■ Prompt: Lines before the one containing "ఆకాశనిర్విరూపశ్చ నిపాతోహ్యవశః ఖగః" are left out; that line and all after it, through the end of the records, must be transcribed exactly.

━━━━━━━━━━━━━━━━━━━━

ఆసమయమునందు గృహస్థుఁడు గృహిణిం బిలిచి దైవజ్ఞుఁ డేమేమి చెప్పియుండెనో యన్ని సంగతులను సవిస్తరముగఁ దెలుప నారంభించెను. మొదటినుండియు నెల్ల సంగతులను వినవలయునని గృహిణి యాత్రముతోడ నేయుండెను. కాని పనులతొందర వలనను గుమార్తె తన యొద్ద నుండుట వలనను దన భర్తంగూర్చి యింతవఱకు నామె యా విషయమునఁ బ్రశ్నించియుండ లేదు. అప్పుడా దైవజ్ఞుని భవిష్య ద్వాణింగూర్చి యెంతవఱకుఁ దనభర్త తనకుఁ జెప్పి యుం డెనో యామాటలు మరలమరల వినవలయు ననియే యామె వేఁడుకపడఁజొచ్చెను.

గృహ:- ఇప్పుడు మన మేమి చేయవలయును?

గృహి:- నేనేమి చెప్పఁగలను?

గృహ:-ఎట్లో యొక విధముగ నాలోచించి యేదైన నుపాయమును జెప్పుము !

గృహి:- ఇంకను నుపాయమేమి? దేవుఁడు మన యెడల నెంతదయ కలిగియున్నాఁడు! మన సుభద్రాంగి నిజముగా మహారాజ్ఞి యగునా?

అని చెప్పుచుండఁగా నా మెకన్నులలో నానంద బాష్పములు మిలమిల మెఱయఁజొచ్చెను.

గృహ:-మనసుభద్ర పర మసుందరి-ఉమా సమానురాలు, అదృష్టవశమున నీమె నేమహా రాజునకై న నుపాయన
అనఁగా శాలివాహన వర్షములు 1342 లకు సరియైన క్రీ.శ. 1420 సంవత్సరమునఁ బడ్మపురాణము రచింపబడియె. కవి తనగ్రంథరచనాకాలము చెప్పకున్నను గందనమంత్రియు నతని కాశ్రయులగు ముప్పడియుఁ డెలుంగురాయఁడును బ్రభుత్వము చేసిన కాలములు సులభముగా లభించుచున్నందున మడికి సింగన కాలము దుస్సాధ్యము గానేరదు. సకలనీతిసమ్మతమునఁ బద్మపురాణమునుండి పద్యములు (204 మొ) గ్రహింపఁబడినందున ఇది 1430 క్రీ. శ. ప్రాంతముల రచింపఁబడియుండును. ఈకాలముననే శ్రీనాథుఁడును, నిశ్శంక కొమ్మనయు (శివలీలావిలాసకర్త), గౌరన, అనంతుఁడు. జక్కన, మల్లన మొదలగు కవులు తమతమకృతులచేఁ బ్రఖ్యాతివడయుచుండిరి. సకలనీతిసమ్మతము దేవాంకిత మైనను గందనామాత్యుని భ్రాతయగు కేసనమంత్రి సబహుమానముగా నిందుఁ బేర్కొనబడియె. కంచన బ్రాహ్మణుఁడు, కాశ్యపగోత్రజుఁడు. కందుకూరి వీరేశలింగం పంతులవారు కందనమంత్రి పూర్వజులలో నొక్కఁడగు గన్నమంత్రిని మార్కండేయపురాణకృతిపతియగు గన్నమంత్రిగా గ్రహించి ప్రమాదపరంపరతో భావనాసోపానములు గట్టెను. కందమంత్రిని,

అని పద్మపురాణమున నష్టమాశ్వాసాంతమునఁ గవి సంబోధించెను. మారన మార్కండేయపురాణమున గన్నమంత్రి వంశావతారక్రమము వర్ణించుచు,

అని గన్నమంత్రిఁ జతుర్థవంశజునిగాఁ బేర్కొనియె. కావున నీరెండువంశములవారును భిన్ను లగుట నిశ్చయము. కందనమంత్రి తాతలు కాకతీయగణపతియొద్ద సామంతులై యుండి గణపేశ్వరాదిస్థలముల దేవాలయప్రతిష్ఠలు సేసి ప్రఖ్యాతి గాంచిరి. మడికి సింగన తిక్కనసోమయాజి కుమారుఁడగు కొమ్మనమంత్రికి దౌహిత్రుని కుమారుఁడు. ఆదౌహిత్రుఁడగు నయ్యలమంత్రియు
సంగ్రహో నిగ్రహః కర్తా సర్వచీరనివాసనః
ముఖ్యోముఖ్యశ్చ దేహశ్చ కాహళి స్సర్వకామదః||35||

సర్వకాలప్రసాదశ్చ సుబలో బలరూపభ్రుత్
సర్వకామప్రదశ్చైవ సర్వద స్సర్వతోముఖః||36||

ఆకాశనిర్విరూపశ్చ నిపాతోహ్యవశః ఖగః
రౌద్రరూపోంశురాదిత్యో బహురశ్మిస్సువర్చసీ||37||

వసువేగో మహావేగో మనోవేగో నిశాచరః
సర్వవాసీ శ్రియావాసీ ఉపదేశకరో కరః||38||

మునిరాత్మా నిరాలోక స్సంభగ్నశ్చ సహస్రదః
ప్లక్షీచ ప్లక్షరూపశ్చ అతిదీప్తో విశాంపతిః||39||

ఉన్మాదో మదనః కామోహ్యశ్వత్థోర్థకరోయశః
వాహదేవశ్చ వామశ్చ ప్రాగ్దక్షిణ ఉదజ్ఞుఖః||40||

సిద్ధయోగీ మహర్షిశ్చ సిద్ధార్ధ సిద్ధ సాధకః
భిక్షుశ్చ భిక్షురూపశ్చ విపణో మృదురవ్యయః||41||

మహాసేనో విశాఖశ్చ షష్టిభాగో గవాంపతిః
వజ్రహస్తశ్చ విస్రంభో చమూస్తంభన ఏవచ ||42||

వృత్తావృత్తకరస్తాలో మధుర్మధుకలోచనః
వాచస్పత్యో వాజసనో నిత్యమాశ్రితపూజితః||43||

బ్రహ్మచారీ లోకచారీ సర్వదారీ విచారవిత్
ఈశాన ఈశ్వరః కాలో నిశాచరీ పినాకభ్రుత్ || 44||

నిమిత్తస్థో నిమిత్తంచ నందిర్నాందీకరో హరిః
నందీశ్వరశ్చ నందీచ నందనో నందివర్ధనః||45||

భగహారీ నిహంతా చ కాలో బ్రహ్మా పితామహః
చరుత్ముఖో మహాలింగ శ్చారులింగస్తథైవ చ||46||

━━━━━━━━━━━━━━━━━━━━

■ Your solution:
ఆకాశనిర్విరూపశ్చ నిపాతోహ్యవశః ఖగః
రౌద్రరూపోంశురాదిత్యో బహురశ్మిస్సువర్చసీ||37||

వసువేగో మహావేగో మనోవేగో నిశాచరః
సర్వవాసీ శ్రియావాసీ ఉపదేశకరో కరః||38||

మునిరాత్మా నిరాలోక స్సంభగ్నశ్చ సహస్రదః
ప్లక్షీచ ప్లక్షరూపశ్చ అతిదీప్తో విశాంపతిః||39||

ఉన్మాదో మదనః కామోహ్యశ్వత్థోర్థకరోయశః
వాహదేవశ్చ వామశ్చ ప్రాగ్దక్షిణ ఉదజ్ఞుఖః||40||

సిద్ధయోగీ మహర్షిశ్చ సిద్ధార్ధ సిద్ధ సాధకః
భిక్షుశ్చ భిక్షురూపశ్చ విపణో మృదురవ్యయః||41||

మహాసేనో విశాఖశ్చ షష్టిభాగో గవాంపతిః
వజ్రహస్తశ్చ విస్రంభో చమూస్తంభన ఏవచ ||42||

వృత్తావృత్తకరస్తాలో మధుర్మధుకలోచనః
వాచస్పత్యో వాజసనో నిత్యమాశ్రితపూజితః||43||

బ్రహ్మచారీ లోకచారీ సర్వదారీ విచారవిత్
ఈశాన ఈశ్వరః కాలో నిశాచరీ పినాకభ్రుత్ || 44||

నిమిత్తస్థో నిమిత్తంచ నందిర్నాందీకరో హరిః
నందీశ్వరశ్చ నందీచ నందనో నందివర్ధనః||45||

భగహారీ నిహంతా చ కాలో బ్రహ్మా పితామహః
చరుత్ముఖో మహాలింగ శ్చారులింగస్తథైవ చ||46||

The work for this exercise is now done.